>>>>

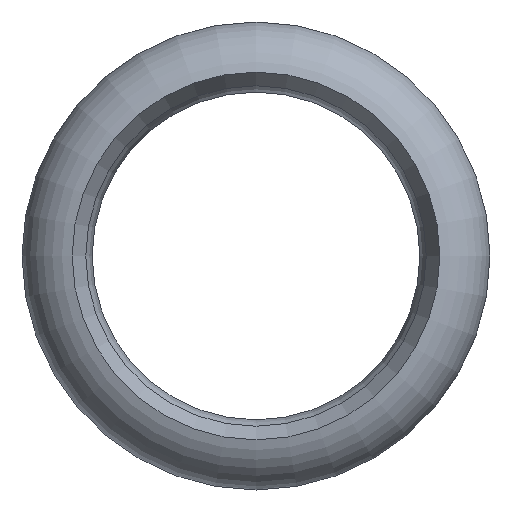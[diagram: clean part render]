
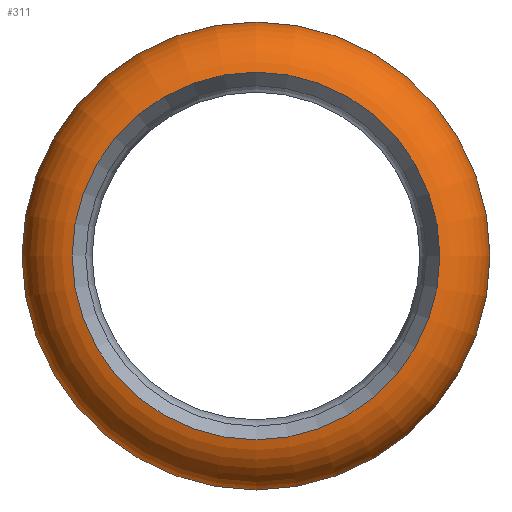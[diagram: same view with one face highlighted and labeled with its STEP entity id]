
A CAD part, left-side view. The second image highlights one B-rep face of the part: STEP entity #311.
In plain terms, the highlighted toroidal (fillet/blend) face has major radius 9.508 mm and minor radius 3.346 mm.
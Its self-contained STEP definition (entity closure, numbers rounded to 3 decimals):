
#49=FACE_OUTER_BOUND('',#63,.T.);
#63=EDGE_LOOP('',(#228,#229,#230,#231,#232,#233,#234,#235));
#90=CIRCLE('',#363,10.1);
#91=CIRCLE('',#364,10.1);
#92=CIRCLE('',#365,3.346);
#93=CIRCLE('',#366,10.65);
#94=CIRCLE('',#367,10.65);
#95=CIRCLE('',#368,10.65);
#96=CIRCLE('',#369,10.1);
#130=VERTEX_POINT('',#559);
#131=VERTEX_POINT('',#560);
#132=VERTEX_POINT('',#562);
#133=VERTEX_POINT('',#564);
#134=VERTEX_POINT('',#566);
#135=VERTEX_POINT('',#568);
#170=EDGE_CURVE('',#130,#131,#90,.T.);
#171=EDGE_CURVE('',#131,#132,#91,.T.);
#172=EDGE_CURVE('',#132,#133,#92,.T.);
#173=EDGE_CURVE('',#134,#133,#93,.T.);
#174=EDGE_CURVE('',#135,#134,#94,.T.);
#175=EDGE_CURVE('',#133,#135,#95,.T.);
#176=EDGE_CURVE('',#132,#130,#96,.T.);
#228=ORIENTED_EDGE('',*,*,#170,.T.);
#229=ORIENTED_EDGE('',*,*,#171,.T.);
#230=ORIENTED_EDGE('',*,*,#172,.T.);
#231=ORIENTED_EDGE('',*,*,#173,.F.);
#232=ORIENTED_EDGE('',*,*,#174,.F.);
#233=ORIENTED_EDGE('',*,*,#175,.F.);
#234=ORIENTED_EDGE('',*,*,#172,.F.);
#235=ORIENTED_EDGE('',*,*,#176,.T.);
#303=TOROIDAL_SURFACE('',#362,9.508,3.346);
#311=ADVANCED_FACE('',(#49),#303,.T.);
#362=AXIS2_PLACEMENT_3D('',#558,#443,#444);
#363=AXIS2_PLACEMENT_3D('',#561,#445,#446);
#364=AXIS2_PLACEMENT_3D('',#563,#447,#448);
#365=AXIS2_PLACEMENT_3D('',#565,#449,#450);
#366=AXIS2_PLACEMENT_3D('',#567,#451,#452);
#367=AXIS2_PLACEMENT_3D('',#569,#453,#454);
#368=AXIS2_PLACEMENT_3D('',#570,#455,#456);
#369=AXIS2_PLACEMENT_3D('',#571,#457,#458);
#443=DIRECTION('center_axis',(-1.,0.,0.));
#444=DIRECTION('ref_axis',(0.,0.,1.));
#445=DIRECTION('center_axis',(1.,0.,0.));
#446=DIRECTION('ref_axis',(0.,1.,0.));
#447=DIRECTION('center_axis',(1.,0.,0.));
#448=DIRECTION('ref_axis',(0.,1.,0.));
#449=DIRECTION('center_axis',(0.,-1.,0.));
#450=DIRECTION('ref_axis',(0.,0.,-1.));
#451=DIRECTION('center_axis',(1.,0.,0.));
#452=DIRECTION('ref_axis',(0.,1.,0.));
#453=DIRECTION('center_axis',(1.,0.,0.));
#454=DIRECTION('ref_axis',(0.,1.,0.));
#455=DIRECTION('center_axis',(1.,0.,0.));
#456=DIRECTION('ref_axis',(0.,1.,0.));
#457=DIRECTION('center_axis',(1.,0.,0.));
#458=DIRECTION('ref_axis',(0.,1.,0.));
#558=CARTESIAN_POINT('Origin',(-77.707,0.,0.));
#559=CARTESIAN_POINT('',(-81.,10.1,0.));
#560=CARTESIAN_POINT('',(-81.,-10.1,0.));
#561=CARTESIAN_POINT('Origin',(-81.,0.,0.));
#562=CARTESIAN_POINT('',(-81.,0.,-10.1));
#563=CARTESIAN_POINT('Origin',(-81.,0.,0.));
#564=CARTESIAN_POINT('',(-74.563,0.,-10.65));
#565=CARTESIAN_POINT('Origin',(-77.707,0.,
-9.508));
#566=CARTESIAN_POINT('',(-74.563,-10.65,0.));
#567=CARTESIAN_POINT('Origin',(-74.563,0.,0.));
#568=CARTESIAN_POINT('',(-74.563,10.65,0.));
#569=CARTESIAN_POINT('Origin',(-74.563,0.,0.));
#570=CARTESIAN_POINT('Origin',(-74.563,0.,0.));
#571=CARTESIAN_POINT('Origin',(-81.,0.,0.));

<<<<
>>>>

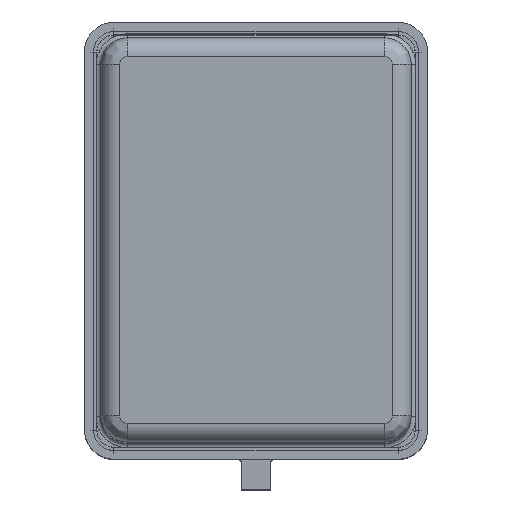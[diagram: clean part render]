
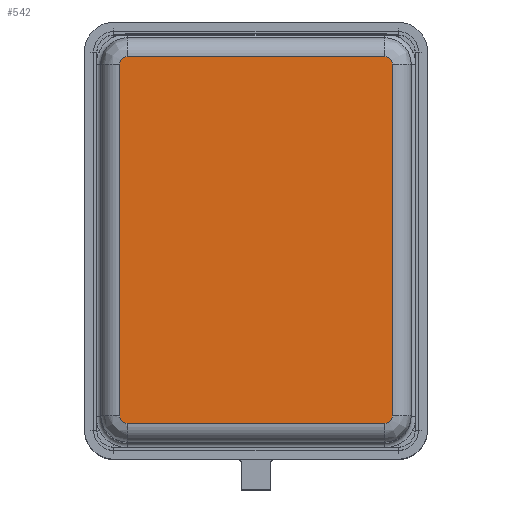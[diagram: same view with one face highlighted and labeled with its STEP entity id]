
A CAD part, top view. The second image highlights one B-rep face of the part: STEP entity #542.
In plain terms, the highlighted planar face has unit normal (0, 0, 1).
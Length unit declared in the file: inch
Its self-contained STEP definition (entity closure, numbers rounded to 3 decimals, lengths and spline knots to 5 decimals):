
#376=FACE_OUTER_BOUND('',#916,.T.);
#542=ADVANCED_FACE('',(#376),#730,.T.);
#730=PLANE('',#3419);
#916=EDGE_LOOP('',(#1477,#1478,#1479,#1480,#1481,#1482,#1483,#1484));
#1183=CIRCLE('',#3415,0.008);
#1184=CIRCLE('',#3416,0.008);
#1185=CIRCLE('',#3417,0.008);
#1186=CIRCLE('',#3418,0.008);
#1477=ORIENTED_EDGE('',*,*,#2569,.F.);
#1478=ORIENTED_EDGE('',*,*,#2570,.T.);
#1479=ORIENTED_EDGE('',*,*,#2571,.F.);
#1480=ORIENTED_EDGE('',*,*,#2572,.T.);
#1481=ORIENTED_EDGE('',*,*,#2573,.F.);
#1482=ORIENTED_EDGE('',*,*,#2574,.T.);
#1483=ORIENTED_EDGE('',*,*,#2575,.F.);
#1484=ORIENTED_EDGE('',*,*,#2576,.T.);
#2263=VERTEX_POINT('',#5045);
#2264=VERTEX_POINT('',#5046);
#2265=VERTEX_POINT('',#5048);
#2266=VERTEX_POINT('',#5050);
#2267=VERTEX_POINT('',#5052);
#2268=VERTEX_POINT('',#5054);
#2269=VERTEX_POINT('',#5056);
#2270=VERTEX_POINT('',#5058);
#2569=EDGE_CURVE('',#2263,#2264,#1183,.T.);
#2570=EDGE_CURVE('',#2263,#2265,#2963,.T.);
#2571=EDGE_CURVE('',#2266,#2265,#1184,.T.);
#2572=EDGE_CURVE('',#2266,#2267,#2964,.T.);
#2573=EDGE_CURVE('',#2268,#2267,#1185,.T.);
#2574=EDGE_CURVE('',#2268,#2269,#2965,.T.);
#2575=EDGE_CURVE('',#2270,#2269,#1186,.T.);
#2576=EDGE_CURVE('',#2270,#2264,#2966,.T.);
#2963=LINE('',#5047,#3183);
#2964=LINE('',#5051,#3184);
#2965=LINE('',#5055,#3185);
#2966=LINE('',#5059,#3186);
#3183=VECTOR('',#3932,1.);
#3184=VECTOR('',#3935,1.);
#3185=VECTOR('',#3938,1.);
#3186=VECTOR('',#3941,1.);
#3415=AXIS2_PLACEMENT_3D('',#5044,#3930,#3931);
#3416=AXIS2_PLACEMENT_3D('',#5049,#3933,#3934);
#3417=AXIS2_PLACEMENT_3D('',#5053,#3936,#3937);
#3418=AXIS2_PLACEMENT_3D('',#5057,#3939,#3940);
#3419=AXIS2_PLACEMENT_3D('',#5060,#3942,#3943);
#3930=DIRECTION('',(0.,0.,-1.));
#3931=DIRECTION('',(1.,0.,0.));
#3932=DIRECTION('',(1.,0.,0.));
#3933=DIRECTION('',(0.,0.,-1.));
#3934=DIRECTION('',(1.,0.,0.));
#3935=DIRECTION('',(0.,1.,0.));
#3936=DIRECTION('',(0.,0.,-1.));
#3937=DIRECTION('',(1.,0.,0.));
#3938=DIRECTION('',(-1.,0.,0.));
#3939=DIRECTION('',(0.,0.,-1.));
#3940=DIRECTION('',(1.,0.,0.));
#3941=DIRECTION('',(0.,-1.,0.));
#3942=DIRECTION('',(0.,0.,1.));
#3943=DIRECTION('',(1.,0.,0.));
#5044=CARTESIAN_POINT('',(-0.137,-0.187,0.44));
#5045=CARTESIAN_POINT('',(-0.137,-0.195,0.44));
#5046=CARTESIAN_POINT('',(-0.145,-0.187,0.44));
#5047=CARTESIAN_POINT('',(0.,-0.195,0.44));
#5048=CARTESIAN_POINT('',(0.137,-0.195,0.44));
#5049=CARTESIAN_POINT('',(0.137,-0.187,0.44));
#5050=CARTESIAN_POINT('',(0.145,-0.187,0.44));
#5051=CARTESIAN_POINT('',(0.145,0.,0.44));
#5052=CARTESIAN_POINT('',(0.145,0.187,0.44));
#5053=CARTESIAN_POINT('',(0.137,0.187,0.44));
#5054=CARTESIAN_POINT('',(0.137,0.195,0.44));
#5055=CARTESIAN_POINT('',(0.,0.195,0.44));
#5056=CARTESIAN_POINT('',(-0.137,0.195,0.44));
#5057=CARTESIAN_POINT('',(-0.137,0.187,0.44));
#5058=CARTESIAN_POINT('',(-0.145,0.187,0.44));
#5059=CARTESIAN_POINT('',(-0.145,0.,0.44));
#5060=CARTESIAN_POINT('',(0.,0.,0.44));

<<<<

Throughout the listing above, how many lines hold the word "unit"? Answer with only the number.

2